__Source data__.
=====
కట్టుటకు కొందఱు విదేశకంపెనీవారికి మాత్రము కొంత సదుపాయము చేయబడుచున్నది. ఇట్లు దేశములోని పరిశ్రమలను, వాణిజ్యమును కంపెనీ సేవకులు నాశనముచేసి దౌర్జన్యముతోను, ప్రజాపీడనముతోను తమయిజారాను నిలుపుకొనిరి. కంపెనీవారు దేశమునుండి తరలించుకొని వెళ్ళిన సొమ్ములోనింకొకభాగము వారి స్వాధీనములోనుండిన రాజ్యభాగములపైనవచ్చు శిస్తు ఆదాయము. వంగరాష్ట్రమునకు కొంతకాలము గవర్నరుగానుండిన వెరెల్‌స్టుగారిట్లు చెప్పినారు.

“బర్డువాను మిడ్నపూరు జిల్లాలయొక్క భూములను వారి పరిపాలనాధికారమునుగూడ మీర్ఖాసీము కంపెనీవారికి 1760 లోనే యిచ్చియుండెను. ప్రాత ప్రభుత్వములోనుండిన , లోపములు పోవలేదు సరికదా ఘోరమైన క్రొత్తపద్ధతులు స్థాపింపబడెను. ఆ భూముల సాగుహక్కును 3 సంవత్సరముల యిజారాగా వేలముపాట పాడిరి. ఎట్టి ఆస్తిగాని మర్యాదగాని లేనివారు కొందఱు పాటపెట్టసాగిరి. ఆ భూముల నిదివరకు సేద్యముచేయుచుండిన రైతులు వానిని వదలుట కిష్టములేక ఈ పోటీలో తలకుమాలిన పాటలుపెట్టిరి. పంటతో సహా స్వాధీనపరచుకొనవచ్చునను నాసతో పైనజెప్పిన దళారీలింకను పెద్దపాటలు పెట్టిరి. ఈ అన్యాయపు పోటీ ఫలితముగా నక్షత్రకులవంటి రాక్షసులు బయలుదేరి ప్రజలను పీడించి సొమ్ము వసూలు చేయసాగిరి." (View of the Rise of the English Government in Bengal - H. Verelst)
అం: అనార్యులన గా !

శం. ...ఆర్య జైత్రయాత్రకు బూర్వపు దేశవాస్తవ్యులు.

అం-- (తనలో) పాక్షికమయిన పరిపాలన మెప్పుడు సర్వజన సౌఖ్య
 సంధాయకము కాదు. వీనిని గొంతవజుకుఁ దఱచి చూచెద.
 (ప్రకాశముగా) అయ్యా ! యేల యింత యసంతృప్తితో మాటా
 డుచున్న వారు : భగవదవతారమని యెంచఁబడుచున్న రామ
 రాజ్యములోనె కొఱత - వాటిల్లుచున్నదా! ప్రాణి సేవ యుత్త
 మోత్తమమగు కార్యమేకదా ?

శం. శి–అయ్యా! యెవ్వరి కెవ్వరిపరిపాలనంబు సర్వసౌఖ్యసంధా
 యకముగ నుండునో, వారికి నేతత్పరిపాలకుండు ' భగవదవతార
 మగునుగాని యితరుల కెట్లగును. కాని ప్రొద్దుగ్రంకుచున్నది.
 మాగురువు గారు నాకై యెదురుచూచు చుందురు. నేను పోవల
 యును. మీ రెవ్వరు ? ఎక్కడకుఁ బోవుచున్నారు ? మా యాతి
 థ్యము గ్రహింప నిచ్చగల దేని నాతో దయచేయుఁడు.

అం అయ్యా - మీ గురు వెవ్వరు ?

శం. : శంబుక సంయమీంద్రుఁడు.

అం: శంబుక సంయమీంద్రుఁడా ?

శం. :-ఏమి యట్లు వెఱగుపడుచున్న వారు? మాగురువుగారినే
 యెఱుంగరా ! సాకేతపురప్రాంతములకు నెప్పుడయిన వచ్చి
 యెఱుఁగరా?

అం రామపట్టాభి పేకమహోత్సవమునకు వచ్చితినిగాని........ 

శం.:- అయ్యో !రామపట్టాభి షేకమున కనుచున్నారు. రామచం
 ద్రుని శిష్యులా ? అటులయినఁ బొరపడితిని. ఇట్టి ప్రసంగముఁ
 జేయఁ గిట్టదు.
=====
__Activity__. In the records above, return precisely the line containing "డుచున్న వారు : భగవదవతారమని యెంచఁబడుచున్న రామ" and each line that comes after it, up to the final one.

__Written response__.
 డుచున్న వారు : భగవదవతారమని యెంచఁబడుచున్న రామ
 రాజ్యములోనె కొఱత - వాటిల్లుచున్నదా! ప్రాణి సేవ యుత్త
 మోత్తమమగు కార్యమేకదా ?

శం. శి–అయ్యా! యెవ్వరి కెవ్వరిపరిపాలనంబు సర్వసౌఖ్యసంధా
 యకముగ నుండునో, వారికి నేతత్పరిపాలకుండు ' భగవదవతార
 మగునుగాని యితరుల కెట్లగును. కాని ప్రొద్దుగ్రంకుచున్నది.
 మాగురువు గారు నాకై యెదురుచూచు చుందురు. నేను పోవల
 యును. మీ రెవ్వరు ? ఎక్కడకుఁ బోవుచున్నారు ? మా యాతి
 థ్యము గ్రహింప నిచ్చగల దేని నాతో దయచేయుఁడు.

అం అయ్యా - మీ గురు వెవ్వరు ?

శం. : శంబుక సంయమీంద్రుఁడు.

అం: శంబుక సంయమీంద్రుఁడా ?

శం. :-ఏమి యట్లు వెఱగుపడుచున్న వారు? మాగురువుగారినే
 యెఱుంగరా ! సాకేతపురప్రాంతములకు నెప్పుడయిన వచ్చి
 యెఱుఁగరా?

అం రామపట్టాభి పేకమహోత్సవమునకు వచ్చితినిగాని........ 

శం.:- అయ్యో !రామపట్టాభి షేకమున కనుచున్నారు. రామచం
 ద్రుని శిష్యులా ? అటులయినఁ బొరపడితిని. ఇట్టి ప్రసంగముఁ
 జేయఁ గిట్టదు.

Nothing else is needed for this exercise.